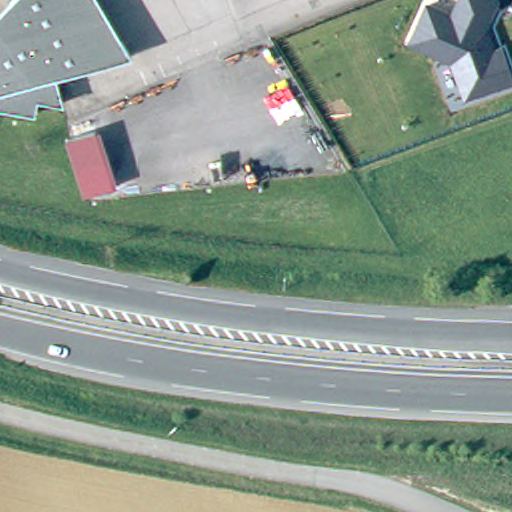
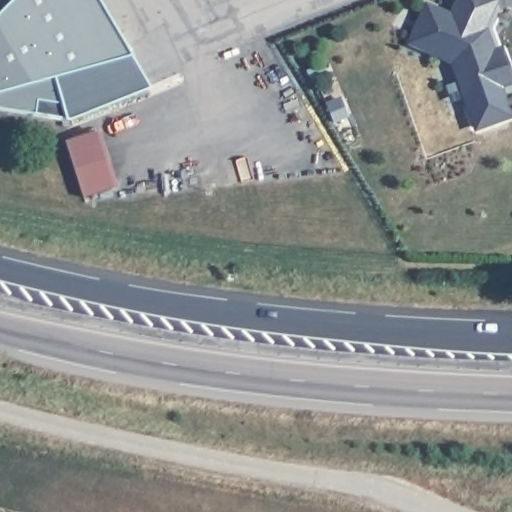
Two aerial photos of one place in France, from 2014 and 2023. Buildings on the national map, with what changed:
unchanged [(18,3),(21,0),(106,0),(139,56),(62,78),(70,105),(44,100),(42,114),(0,107),(0,21),(18,3)]
unchanged [(489,33),(495,50),(502,48),(512,74),(512,84),(462,101),(450,67),(407,47),(427,2),(451,13),(457,0),(500,0),(503,1),(489,33)]
new [(155,87),(69,121),(42,114),(44,100),(70,105),(62,78),(139,56),(155,87)]
unchanged [(100,133),(117,190),(82,199),(63,144),(100,133)]

+ + + +

Exercise objective. All entries above should be returned exactly, apart from their pictures.

The answer.
Two aerial photos of one place in France, from 2014 and 2023. Buildings on the national map, with what changed:
unchanged [(18,3),(21,0),(106,0),(139,56),(62,78),(70,105),(44,100),(42,114),(0,107),(0,21),(18,3)]
unchanged [(489,33),(495,50),(502,48),(512,74),(512,84),(462,101),(450,67),(407,47),(427,2),(451,13),(457,0),(500,0),(503,1),(489,33)]
new [(155,87),(69,121),(42,114),(44,100),(70,105),(62,78),(139,56),(155,87)]
unchanged [(100,133),(117,190),(82,199),(63,144),(100,133)]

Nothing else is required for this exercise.